[Start of Attachment]

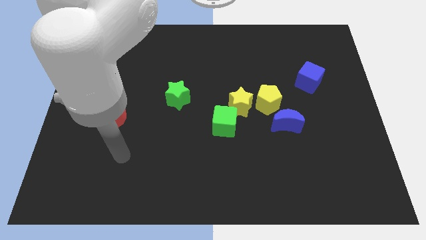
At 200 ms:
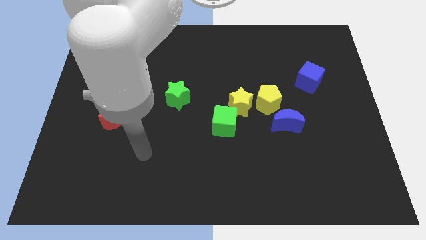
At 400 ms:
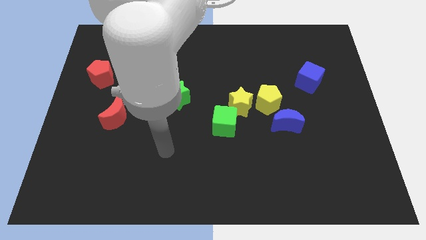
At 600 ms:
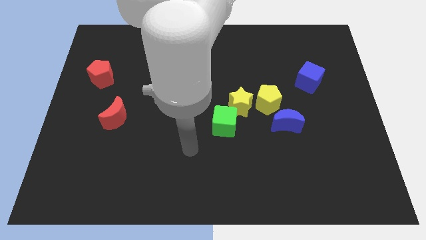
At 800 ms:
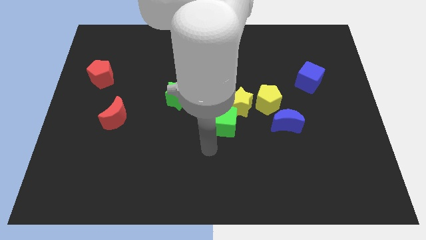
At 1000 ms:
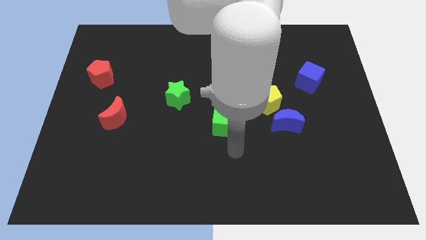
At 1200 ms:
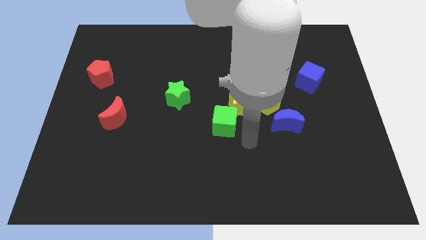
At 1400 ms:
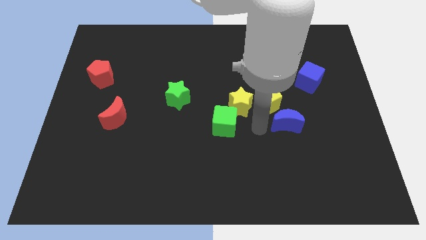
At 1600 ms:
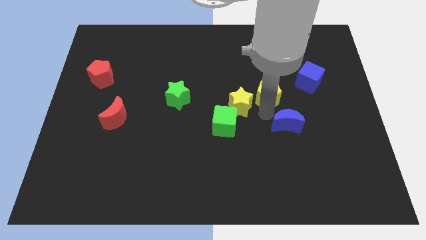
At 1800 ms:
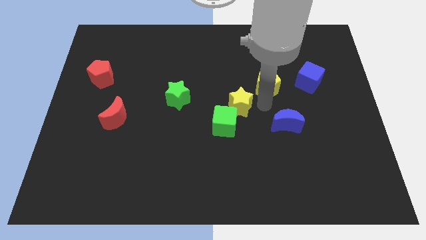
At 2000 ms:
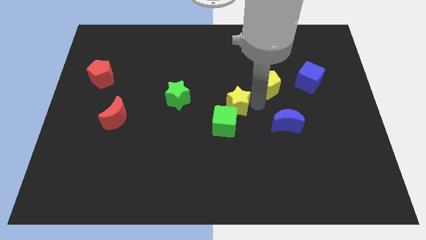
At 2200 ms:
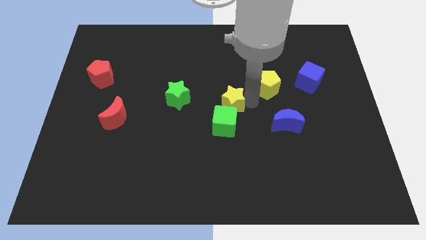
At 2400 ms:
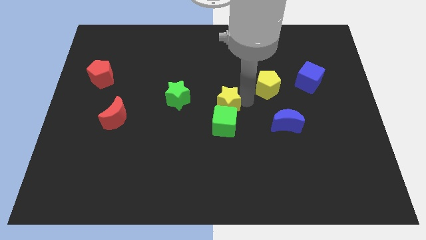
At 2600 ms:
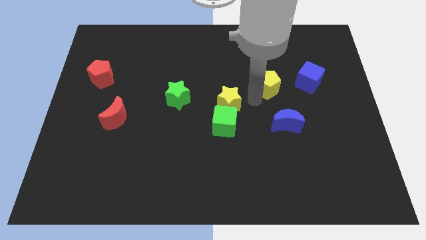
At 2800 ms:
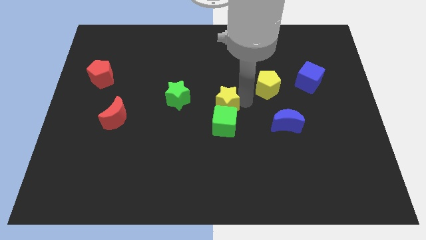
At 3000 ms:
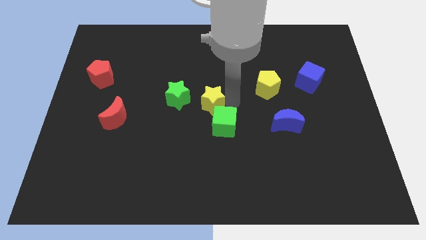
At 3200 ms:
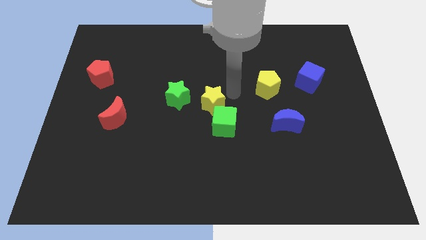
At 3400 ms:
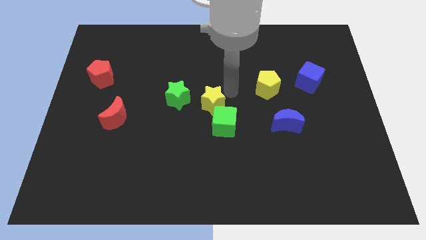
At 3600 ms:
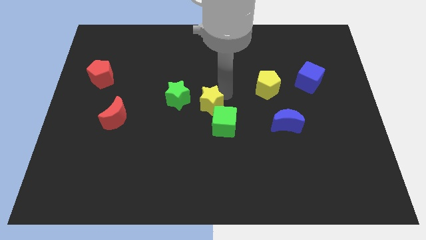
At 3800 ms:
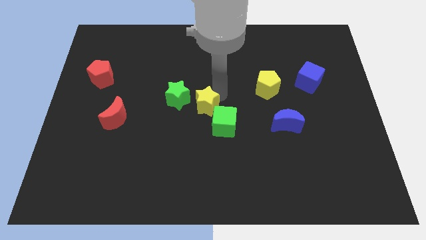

[End of Attachment]

▶ [Action item] From the first line to the last, output the records exactly without pictures.

▶ [Final answer]
At 200 ms:
At 400 ms:
At 600 ms:
At 800 ms:
At 1000 ms:
At 1200 ms:
At 1400 ms:
At 1600 ms:
At 1800 ms:
At 2000 ms:
At 2200 ms:
At 2400 ms:
At 2600 ms:
At 2800 ms:
At 3000 ms:
At 3200 ms:
At 3400 ms:
At 3600 ms:
At 3800 ms:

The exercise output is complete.